Def: The spectral radius of R is rho(R) = max |lambda|, the largest absolute
value of any eigenvalue of R

Lemma: For all operator norms, rho(R) <= ||R||. For all R and all eps>0,
there exists an operator norm ||.||_* such that ||R||_* <= rho(R) + eps

Proof: To show rho(R) <= ||R||, note that ||R|| = max_x ||R*x||/||x|| 
By picking x to be an eigenvector, we see that ||R|| >= |lambda| for any
eigenvalue lambda of R. To construct ||.||_*, we use the Jordan Form of R:
Let S^{-1}*R*S = J be in Jordan form, i.e. J is block diagonal with Jordan
blocks. Let D = diag(1,eps,eps^2,...,eps^(n-1)). Then
J_eps = D^{-1}*J*D leaves the diagonal (eigenvalues) unchanged, and multiplies
each superdiagonal entry of J by eps, so J has eigenvalues on the diagonal,
and eps above the diagonal in any Jordan block. We now define a new vector
norm by ||x||_* = ||(S*D)^{-1}*x||_inf. (See Question 1.5 for the proof that
this defines a vector norm.) Then
  ||R||_* = max_x ||R*x||_* / ||x||_*
          = max_x ||(S*D)^(-1)*R*x||_inf / ||(S*D)^(-1)*x||_inf
          = max_y ||(S*D)^(-1)*R*(S*D)*y||_inf / ||y||_inf
                       where y = (S*D)^(-1)*x
          = max_y ||D^(-1)*S^(-1)*R*S*D*y||_inf / ||y||_inf
          = max_y ||J_eps*y||_inf / ||y||_inf
          <= max |lambda| + eps
          = rho(R) + eps

Theorem: The iteration x_{i+1} = R*x_i + c converges to the solution of A*x=b
for all starting vectors x_0 if and only if rho(R)<1.

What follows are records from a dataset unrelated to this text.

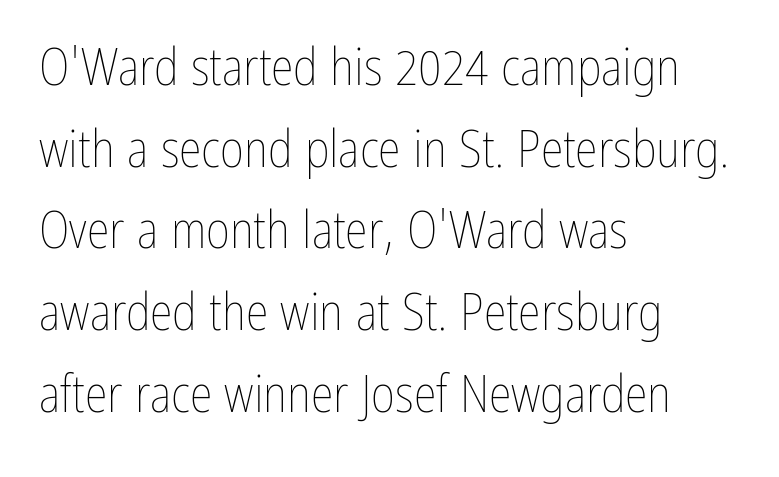
Q: Is the text bold? A: No.
Q: Is the text italic (slanted)? A: No, it is upright.
Q: Is the text underlined? A: No.
Q: How is the paragraph aligned? A: Left-aligned.
Q: Is the spacing between letters normal or unusually wide? A: Normal.
Q: Is the spacing between lines tight, normal or loose? A: Normal.
Q: Width (condensed, normal, or wide)? A: Condensed.
Q: Stroke contrast? A: Low.
Q: x-height? A: Medium.
Q: Monospaced? A: No.
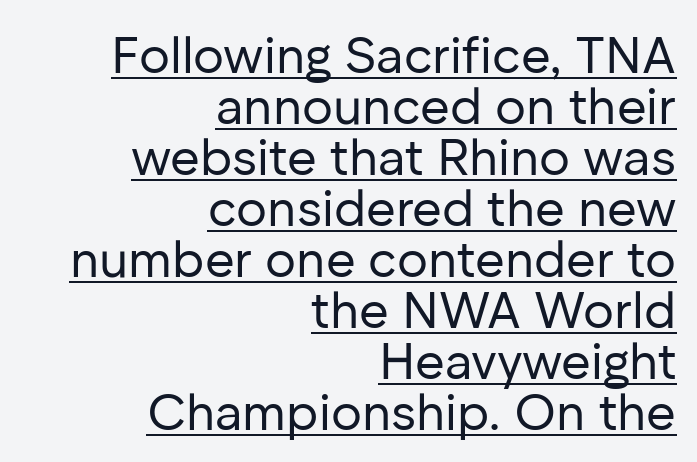
{"serif": "no", "italic": "no", "bold": "no", "weight": "regular", "width": "normal", "stroke_contrast": "low", "x_height": "medium", "monospaced": "no", "underline": "yes", "align": "right", "line_spacing": "tight", "line_spacing_ratio": 1.0, "letter_spacing": "normal", "letter_spacing_em": 0.0, "glyph_px": 51}
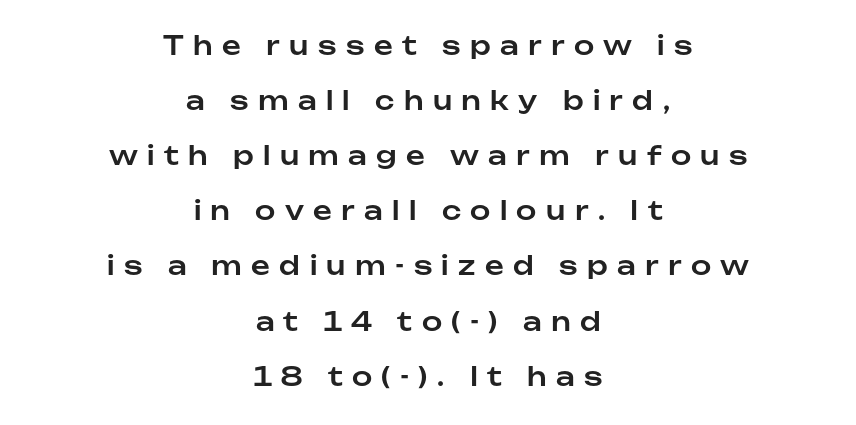
Horizontal bands of white between lines are thick stripes. Teacher's note: observe the equal gaps on both sides — that is centered alignment. Honestly, there is no underline to notice here at all. In terms of posture, this sample is upright. The tracking jumps out immediately: characters are airy and widely separated.
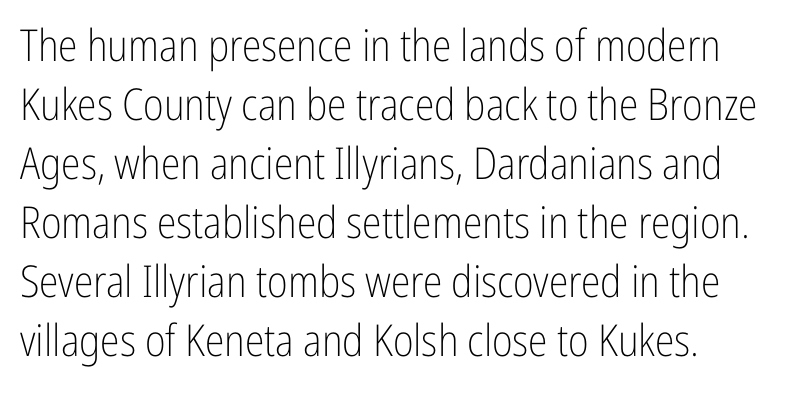
The image shows 44 px light, condensed sans-serif type, upright; set normal line spacing (1.34x), normal letter spacing, not underlined; low stroke contrast and a medium x-height.
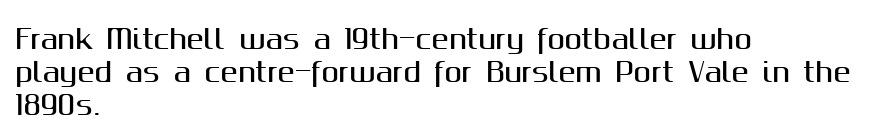
Each new line begins a customary step beneath the previous one. The passage shown is not underscored anywhere. Unlike italic type, these characters show no tilt at all. Casual observation: everything's shoved over to the left.
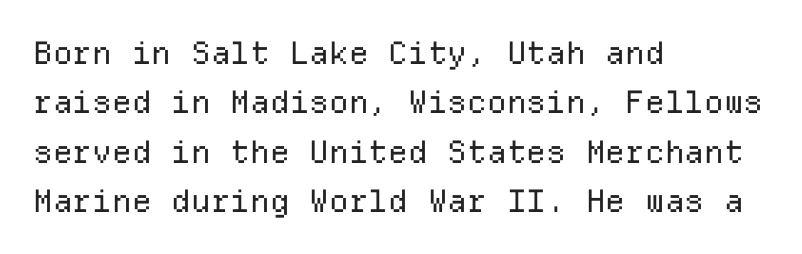
The image shows 31 px regular-weight sans-serif type, upright, monospaced; set left-aligned, normal line spacing (1.59x), normal letter spacing, not underlined; low stroke contrast and a medium x-height.
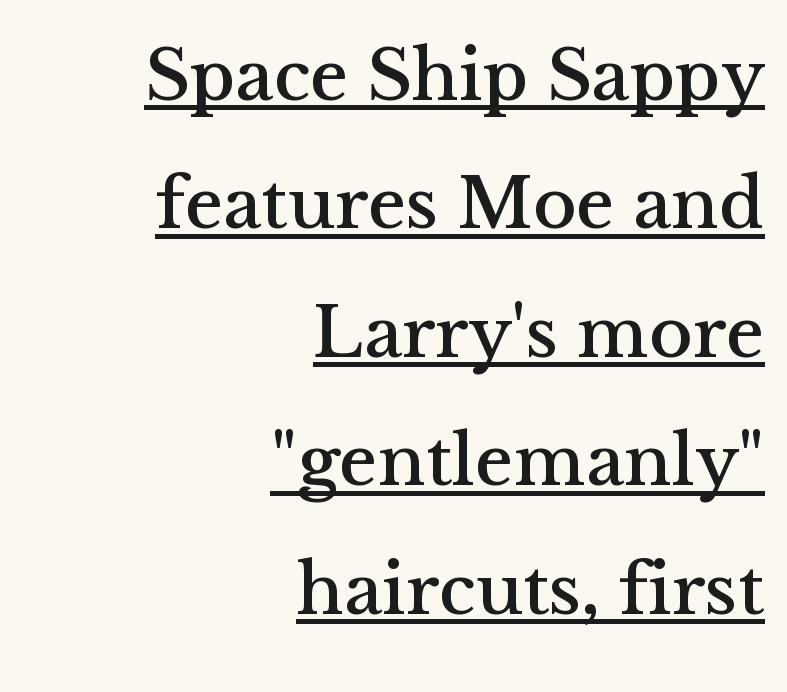
Q: Is the text italic (slanted)? A: No, it is upright.
Q: Is the typeface a serif or a sans-serif typeface? A: Serif.
Q: Is the text underlined? A: Yes.
Q: How is the paragraph aligned? A: Right-aligned.
Q: Is the spacing between letters normal or unusually wide? A: Normal.
Q: Width (condensed, normal, or wide)? A: Normal.
Q: Stroke contrast? A: Medium.
Q: x-height? A: Medium.
Q: Monospaced? A: No.

Proof: If rho(R) >= 1, chose x_0 so that x_0-x is an eigenvector of R for
its largest eigenvalue, call it lambda. Then x_i-x = R^i*(x_0-x) = lambda^i*(x_0-x)
does not converge to zero since |lambda| >= 1.
If rho(R) < 1, use the last lemma to conclude that there is an operator norm ||R||_*
and an eps such that ||R||_* <= rho(R)+eps < 1, so that
x_i-x = R^i*(x_0-x) converges to zero for all x_0.

Obviously, the smaller is rho(R), the faster is convergence. Our goals is to pick the
splitting A = M-K so that multiplying by R = inv(M)*K is easy, and 
rho(R) is small. Choosing M = I and K = I-A makes multiplying by R easy, but
will not generally make rho(R) small. Choosing K = 0 and so R = 0 makes convergence 
immediate, but requires having the solution c = A^{-1}*b.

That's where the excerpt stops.